In a recent newsletter, I provided a short list of what to say no to this year. Here are a few more tips and how and why it’s ok to say no:
- Be direct, such as “no, I can’t” or “no, I don’t want to.”
- Offer a solution or suggest a person or tool that could help the asker.
- Apologies and all sorts of reasons for your answer is not required.
- Don’t lie. Lying will most likely lead to guilt — and remember, this is what you are trying to avoid feeling.
- Remember that it is better to say no now than be resentful later.
- Be polite, such as “Thanks for asking” or “I’m flattered that you thought of me”.
- Practice saying no. Imagine a scenario and then practice saying no either by yourself or with a friend. This will get you feeling a lot more comfortable with saying no.

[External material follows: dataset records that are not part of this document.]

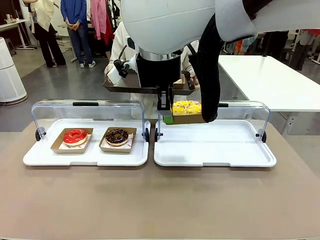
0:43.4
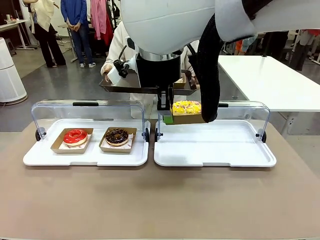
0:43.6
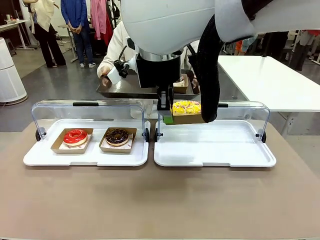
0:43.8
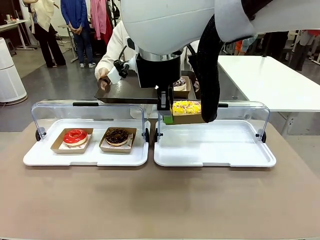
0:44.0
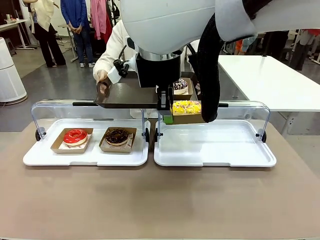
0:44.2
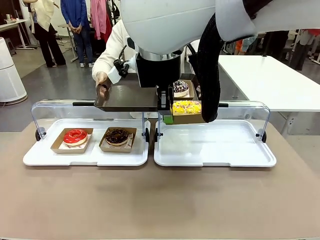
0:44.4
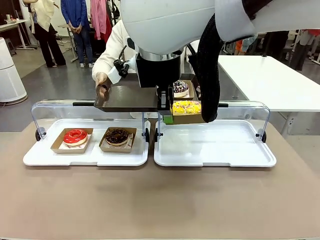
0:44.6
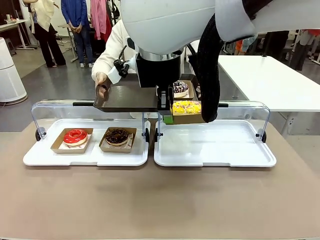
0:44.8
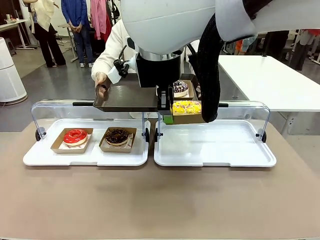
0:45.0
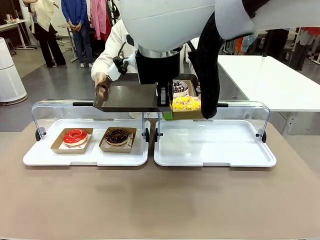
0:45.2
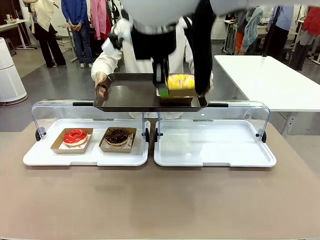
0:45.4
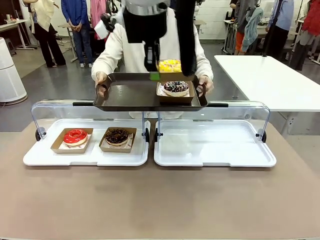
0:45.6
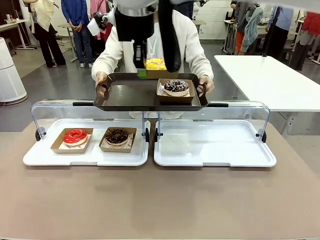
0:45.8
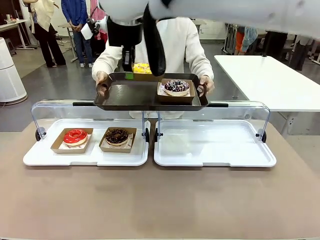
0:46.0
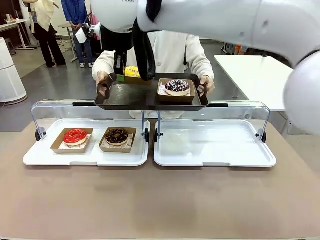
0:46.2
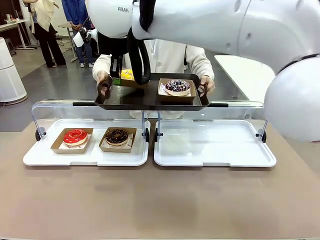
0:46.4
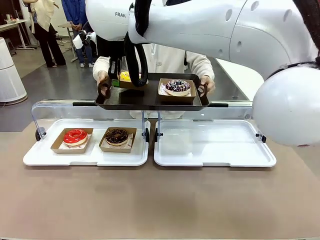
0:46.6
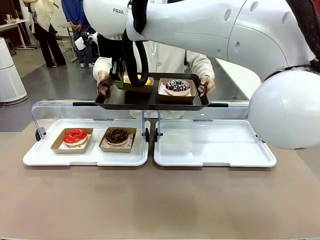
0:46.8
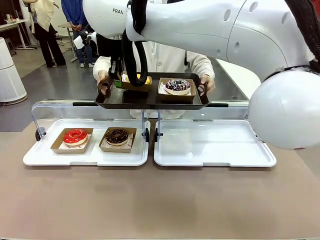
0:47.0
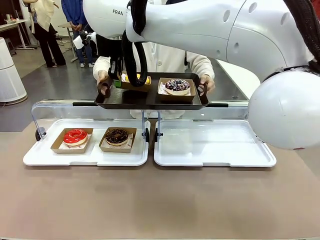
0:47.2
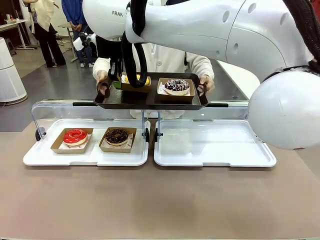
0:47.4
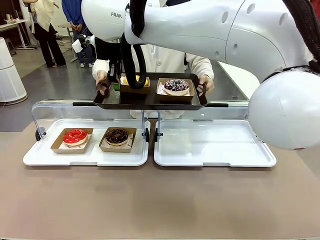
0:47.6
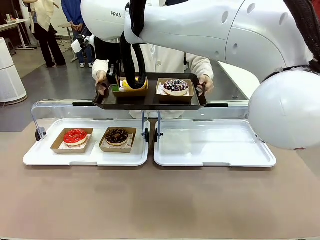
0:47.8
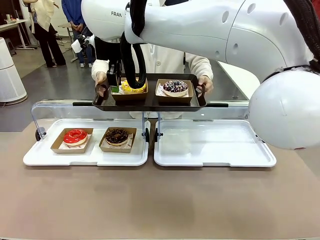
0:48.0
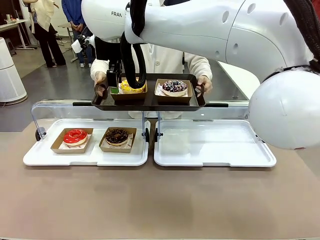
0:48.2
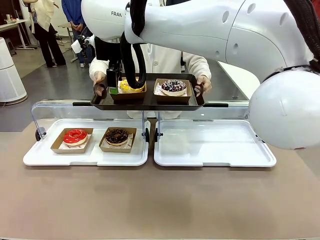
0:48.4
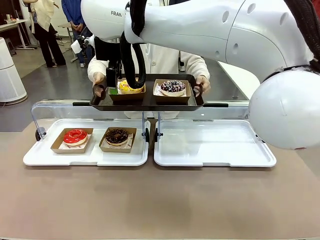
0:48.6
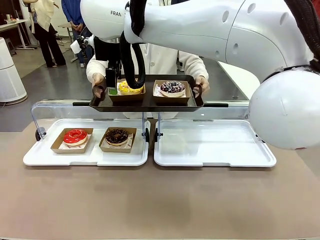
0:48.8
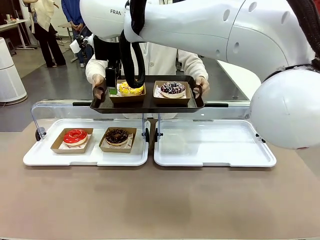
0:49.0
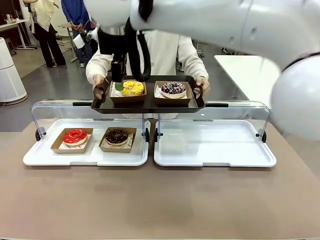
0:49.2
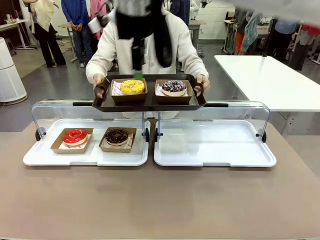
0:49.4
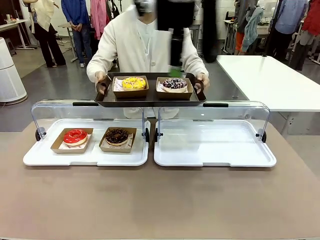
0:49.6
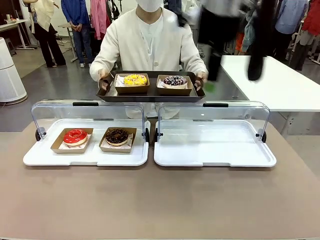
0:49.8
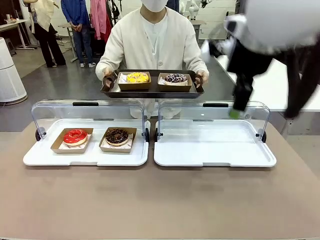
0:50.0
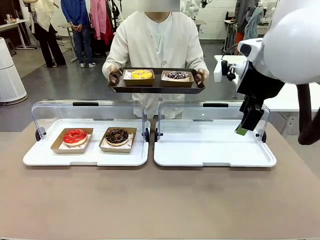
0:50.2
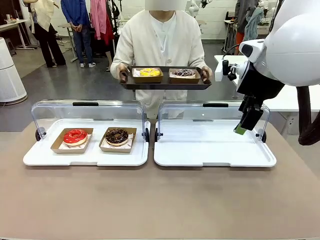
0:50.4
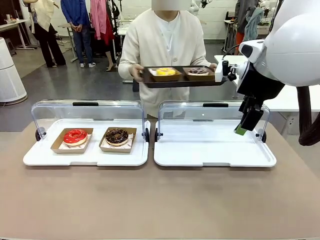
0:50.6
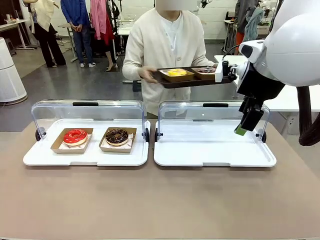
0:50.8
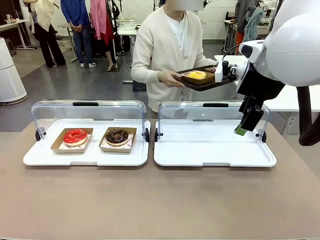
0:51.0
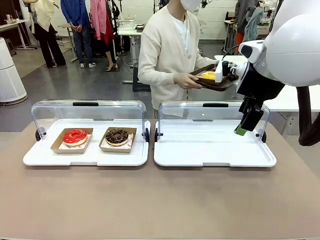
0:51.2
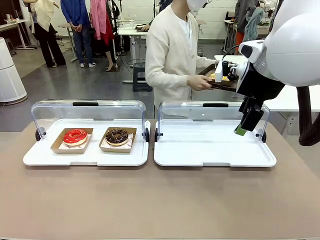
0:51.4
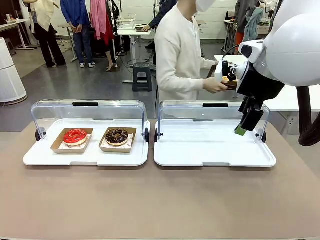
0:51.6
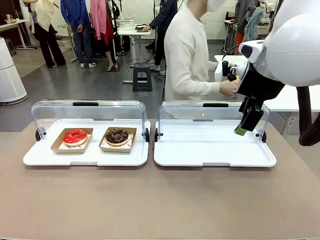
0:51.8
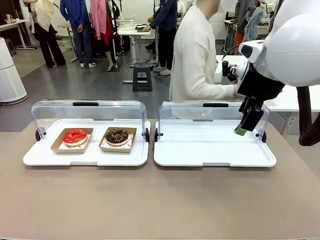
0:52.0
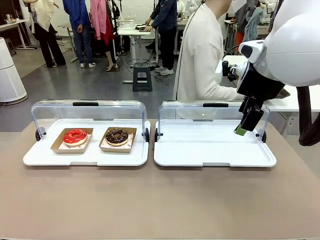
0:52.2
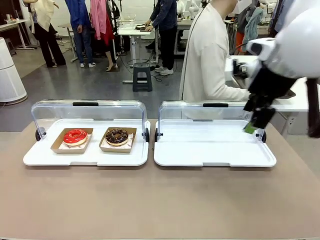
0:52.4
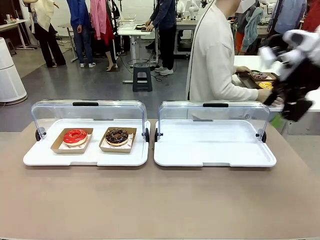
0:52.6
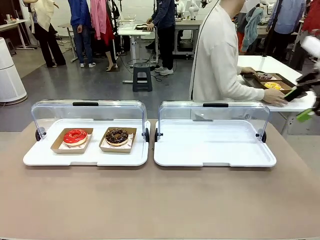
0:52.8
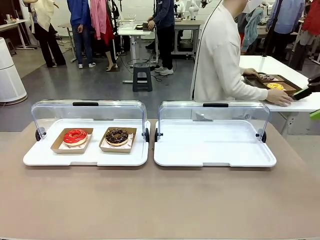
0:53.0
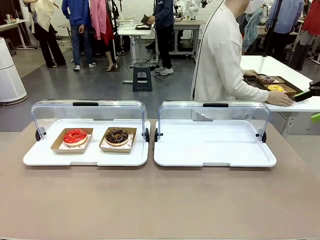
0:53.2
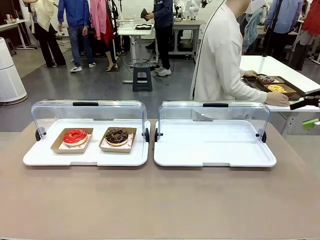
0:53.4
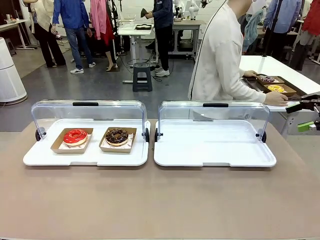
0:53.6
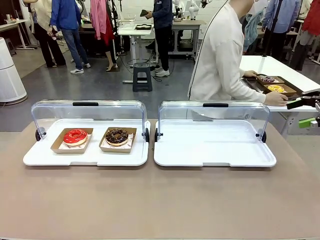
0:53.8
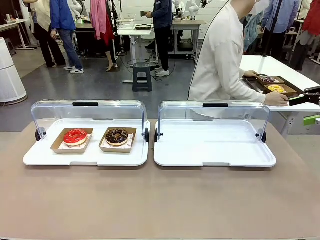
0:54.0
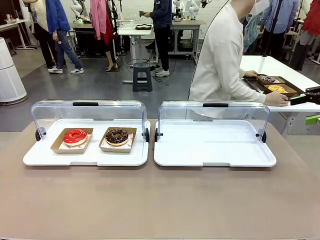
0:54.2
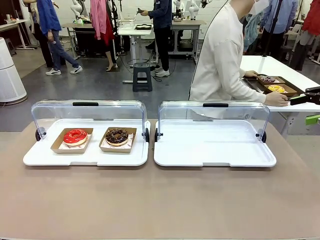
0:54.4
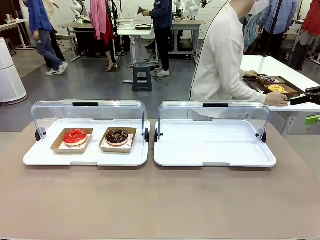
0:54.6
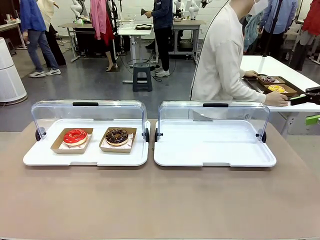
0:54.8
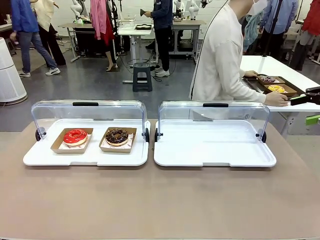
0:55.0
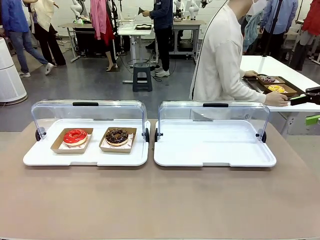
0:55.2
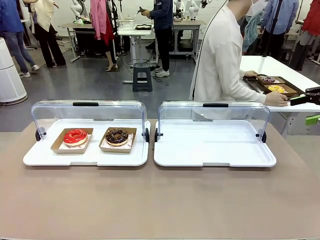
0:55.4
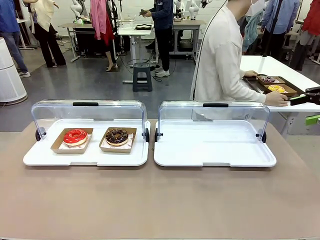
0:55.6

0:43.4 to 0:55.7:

- Don’t say, “I’ll think about it” if you don’t want to do it. This will just prolong the situation and make you feel even more stressed.
Saying “no” is a part of being a working professional. But there is a right way to do it: Make the reason for your rejection known and, if you can, offer a solution or alternative. That way, you don’t have to sacrifice on the quality of your work or over-schedule yourself. Everyone involved knows what to expect and you’ll be viewed as a resource.
Remember that your self-worth does not depend on how much you do for other people.